Prof Lyla Mehta, Professor at the Institute of Development Studies, UK

 

Date: Thu, 3 December 2020, 14:00 – 15:00 GMT

Location: Online

 

Register here

 


This event is in association with the Oxford Water Network

This seminar will demonstrate that without access to safe water there can be no food security and nutrition. It will explore alternative and more locally appropriate ways to address complex water management and governance challenges from the local to global levels against a backdrop of growing climate and other related uncertainties. It will argue for the need to improve policy coherence across water, land and food and for strengthening the human rights to water and food to ensure healthy and productive lives and a climate resilient future for all. The seminar focuses on key findings of the book “Water for Food Security, Nutrition and Social Justice”. Authored by Lyla Mehta, Theib Oweis, Claudia Ringler, Barbara Schreiner and Shiney Varghese, it is the first comprehensive effort to bring together Water, Food Security and Nutrition (FSN) in a way that goes beyond the traditional focus on irrigated agriculture.

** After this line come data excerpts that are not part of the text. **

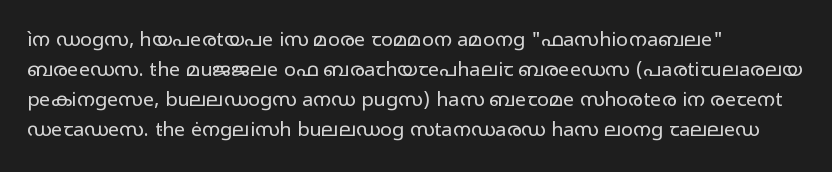
Q: Is the text bold? A: No.
Q: Is the text italic (slanted)? A: No, it is upright.
Q: Is the text underlined? A: No.
Q: How is the paragraph aligned? A: Left-aligned.
Q: Is the spacing between letters normal or unusually wide? A: Normal.
Q: Is the spacing between lines tight, normal or loose? A: Normal.
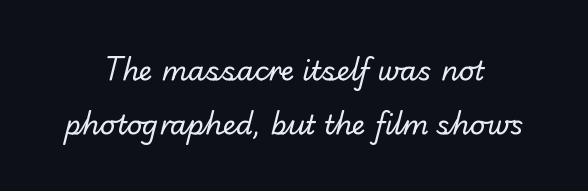
{"bold": "no", "underline": "no", "line_spacing": "loose", "line_spacing_ratio": 2.01, "letter_spacing": "normal", "letter_spacing_em": 0.0, "glyph_px": 27}
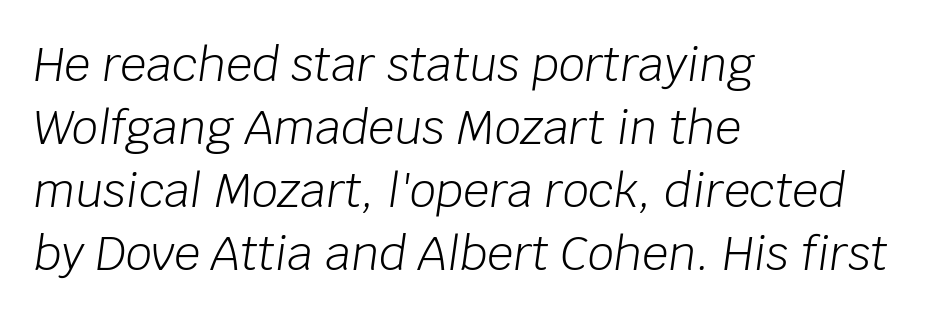
Q: Is the text bold? A: No.
Q: Is the text italic (slanted)? A: Yes, it leans right by about 8 degrees.
Q: Is the text underlined? A: No.
Q: How is the paragraph aligned? A: Left-aligned.
Q: Is the spacing between letters normal or unusually wide? A: Normal.
Q: Is the spacing between lines tight, normal or loose? A: Normal.
Q: Width (condensed, normal, or wide)? A: Normal.
Q: Stroke contrast? A: Low.
Q: x-height? A: Large.
Q: Monospaced? A: No.
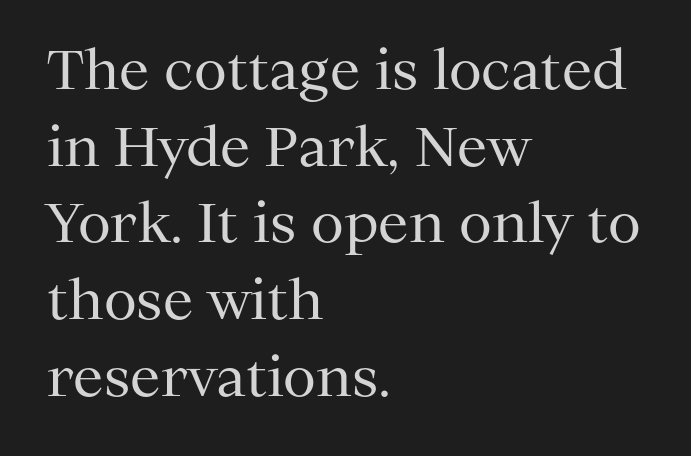
This sample uses an upright cut, with every glyph sitting square on the baseline. Compared with typical body copy, the letter spacing here is the same. Bare-footed words on every line. What kind of face is this? One with serifs. The designer left line spacing at the default. Caption: face not bold, strokes unweighted.

Lyla Mehta is a Professor at the Institute of Development Studies, UK, and a Visiting Professor at Noragric, Norwegian University of Life Sciences. She uses the case of water and sanitation to focus on the politics of scarcity, gender, human rights and access to resources, resource grabbing, and power and policy processes in rural, peri urban and urban contexts. Her work also focusses on climate change and uncertainty and forced displacement. She has extensive research and field experience in India and southern Africa and is currently leading a Belmont/ Norface/ EU/ ISC project on ‘Transformations as praxis’ in South Asia. Her most recent book is Water, Food Security, Nutrition and Social Justice (Routledge, 2020). She trained as a sociologist (University of Vienna) and has a Ph.D. in Development Studies (University of Sussex).